- Directed by: Shamas Nawab Siddiqui
- Produced by: Nawazuddin Siddiqui
- Starring: Jai hind Kumar Maneesha Marzare
- Edited by: Rahul Tiwari
- Release date: 2015;
- Running time: 17 minutes
- Country: India
- Language: Hindi

= Mister Come Tomorrow =

Mister, Come Tomorrow is a 2015 short film directed by Shamas Nawab Siddiqui and produced by Nawazuddin Siddiqui. It is the debut film of the latter as producer. The film deals with the controversial Islamic practice of Nikah halala.

==Plot==
Imtiaz divorces his wife in anger but soon realizes his mistake and wants her back. However, as per the Nikah Halala law, he can only get her back by marrying her to someone else who must consummate the marriage. So he arranges her marriage to someone else. But the day after the Nikah (Marriage) when Imtiaz goes to get his wife back, her new husband is not ready to divorce her as he wants to reap the benefits of this marriage. He fools Imtiaz by claiming that he hasn't consummated the marriage yet, and therefore Imtiaz cannot take his wife back. Imtiaz struggles daily to get his wife back.

==Cast==
- Jai Hind Kumar
- Manisha Marzare
- Ilyas Khan
- Mazuddin Siddiqui

==Reactions==
The film won 10 international awards and was well received by some by the Muslim community, especially women.

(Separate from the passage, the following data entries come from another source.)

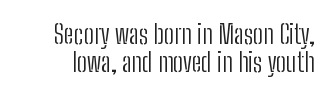
{"italic": "no", "bold": "no", "underline": "no", "line_spacing": "tight", "line_spacing_ratio": 1.05, "letter_spacing": "normal", "letter_spacing_em": 0.0, "glyph_px": 27}
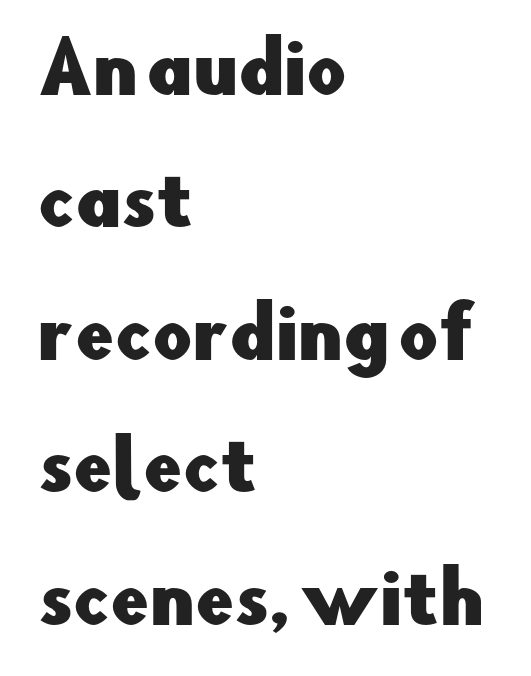
All the whitespace from short lines collects on the right. Nobody touched the tracking dial on this one. This is the regular roman posture of the typeface. The foot of each line stays bare and open. Rows of type keep a wide berth in the vertical direction.
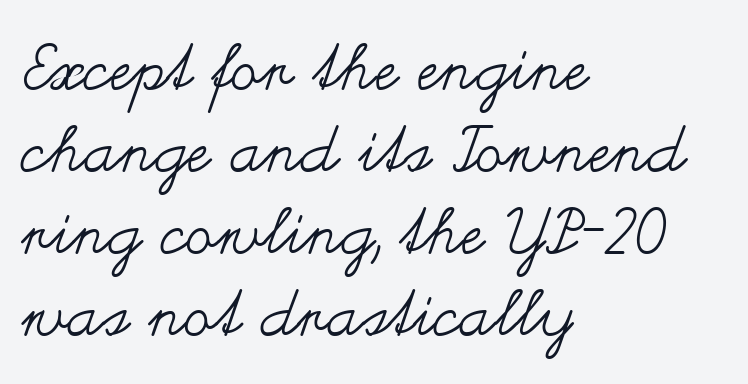
The image shows 63 px regular-weight, wide type; set left-aligned, normal line spacing (1.3x), normal letter spacing, not underlined; medium stroke contrast and a small x-height.
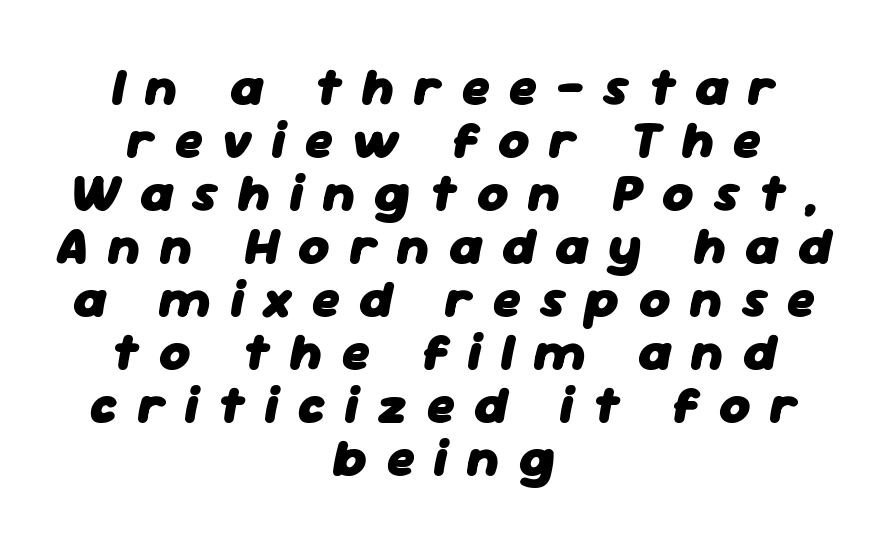
The line texture is sparse and dotted thanks to wide tracking. The string is rendered with underlining switched off. Stroke thickness is high; the sample reads as a true bold. The rag falls on both sides of this text block equally. Vertically, the passage feels compressed, each row crowding the next. These lines are rendered in a variable-pitch font.
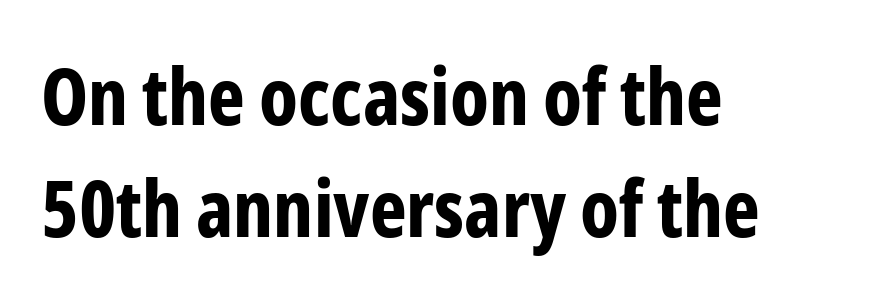
The image shows 78 px bold, condensed sans-serif type, upright; set left-aligned, normal line spacing (1.43x), normal letter spacing, not underlined; low stroke contrast and a medium x-height.

The film evoked an angry response from Islamic clerics like Maulana Arshad Farooqui, the chairman of Fatwa Online of Deoband, criticized Nawazuddin and said he didn't know Shariyat. Qazi Rohan of Madarsa Abibul Uloom, condemned Nawazuddin and his brother for questioning an Islamic practice despite being Muslim.

Shaista Amber, the head of the All India Muslim Women's Personal Law Board (AIMWPLB) was supportive of the movie and said, "If the government supports me, I would like to screen this movie in villages where the community’s women are exploited through misuse of such laws. In fact, the exploitation is nothing short of rape."